A federal judge has ordered the Trump administration to bring three immigrant families back to the United States, finding that immigration officials relied on “lies, deception, and coercion” to remove them from the country.
In an eight-page ruling, Dana M. Sabraw said the families were wrongfully deported last summer despite protections they were entitled to under a 2023 settlement. The families had previously been separated at the southern border under the first Trump administration’s “Zero Tolerance” policy and were granted temporary legal status along with a pathway to reunification.
“The manner in which each of these removals was affected, in addition to being unlawful, involved lies, deception, and coercion,” Sabraw wrote, concluding that the government’s actions rendered the settlement’s safeguards “illusory.”

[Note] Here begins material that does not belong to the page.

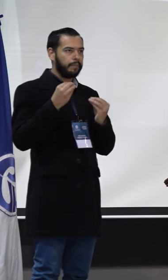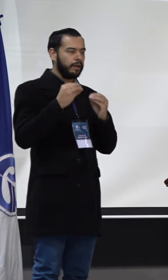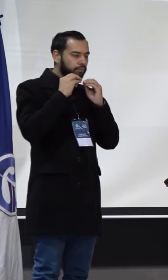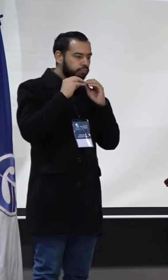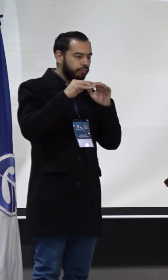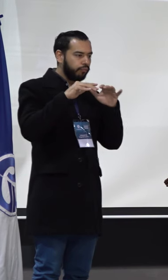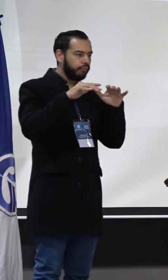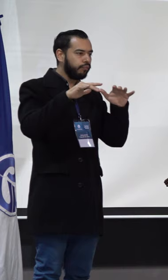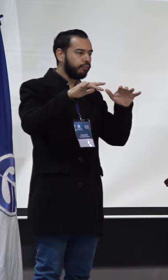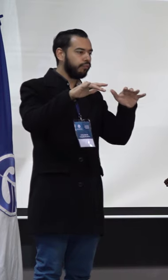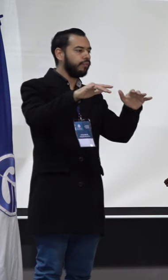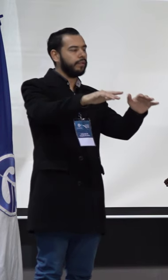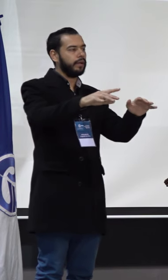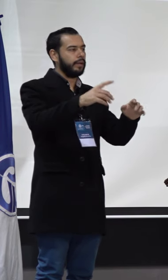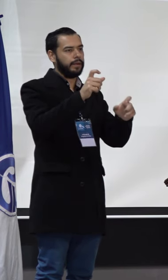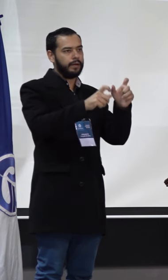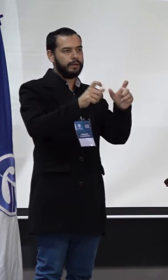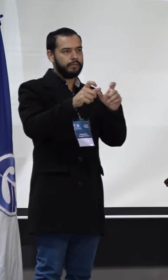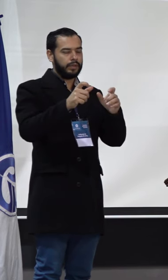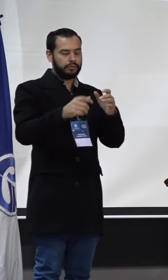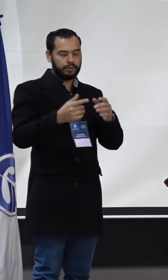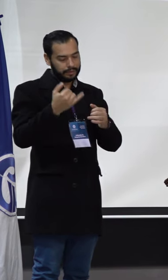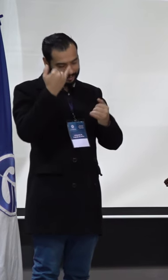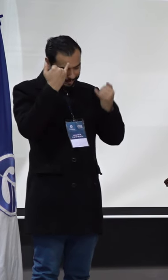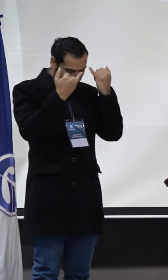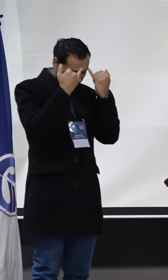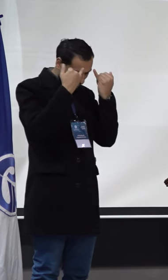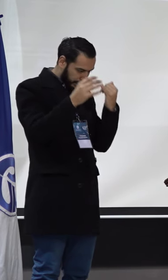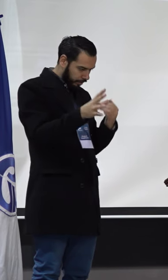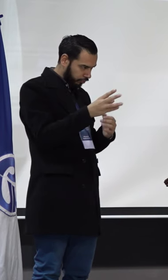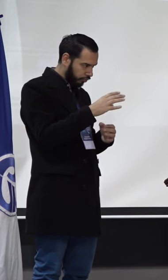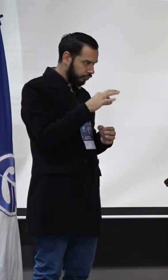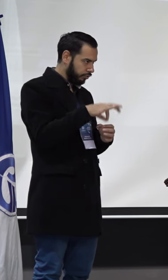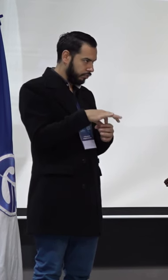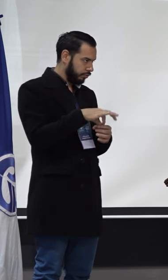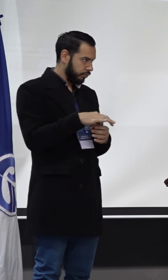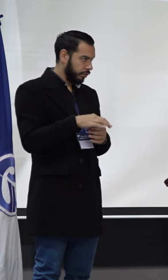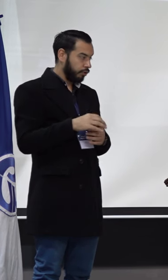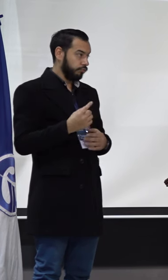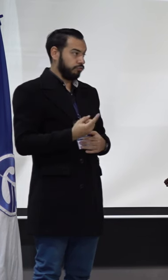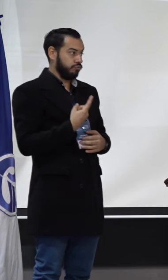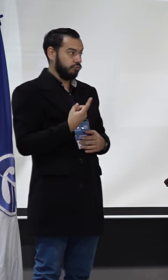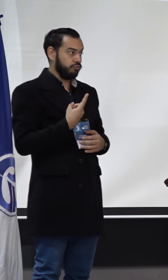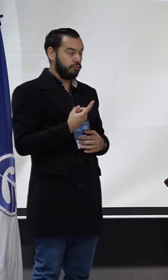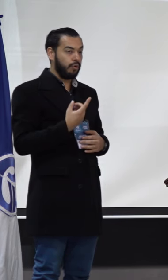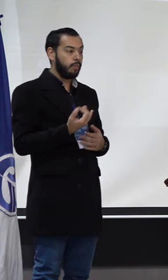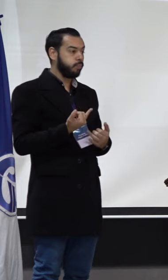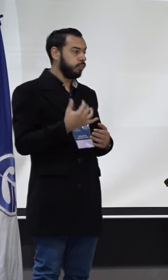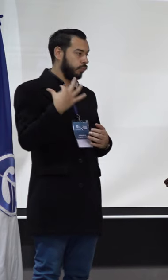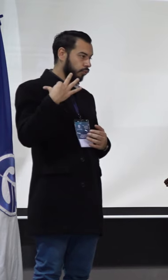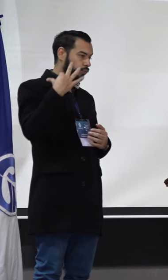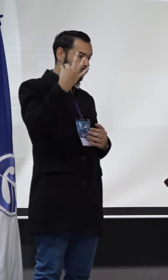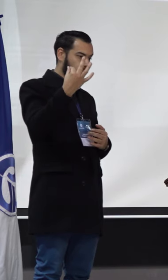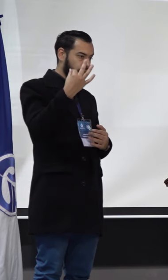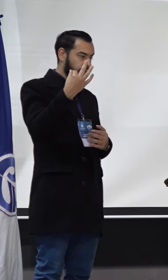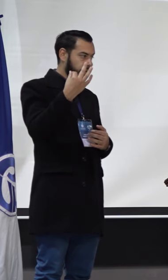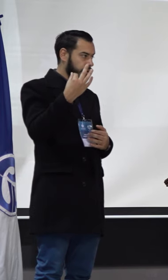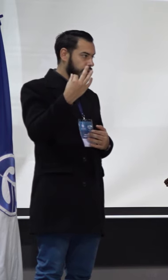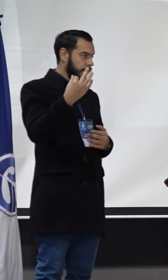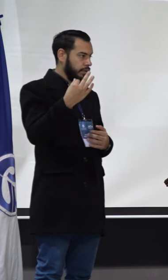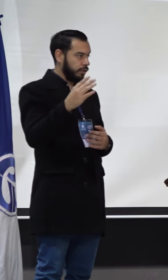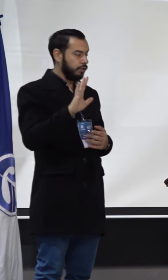supiera de primera mano las ideas de todos, para que no solamente los que queden hagan

Government attorneys had argued the court lacked jurisdiction to order the families’ return, while also maintaining that some of the families — including one with valid parole — left the U.S. voluntarily. Sabraw rejected those claims.
The ruling details the experience of one mother separated from her 5-year-old daughter in 2018. During a routine check-in last year, immigration officers allegedly told her that her legal status “did not matter” and instructed her to bring her children and their passports. She was warned that if she did not “self-deport,” her children could be placed in foster care or put up for adoption, according to the court.
The family — which included a 6-year-old U.S. citizen — was detained in a motel for three days before being flown to Honduras, the judge said.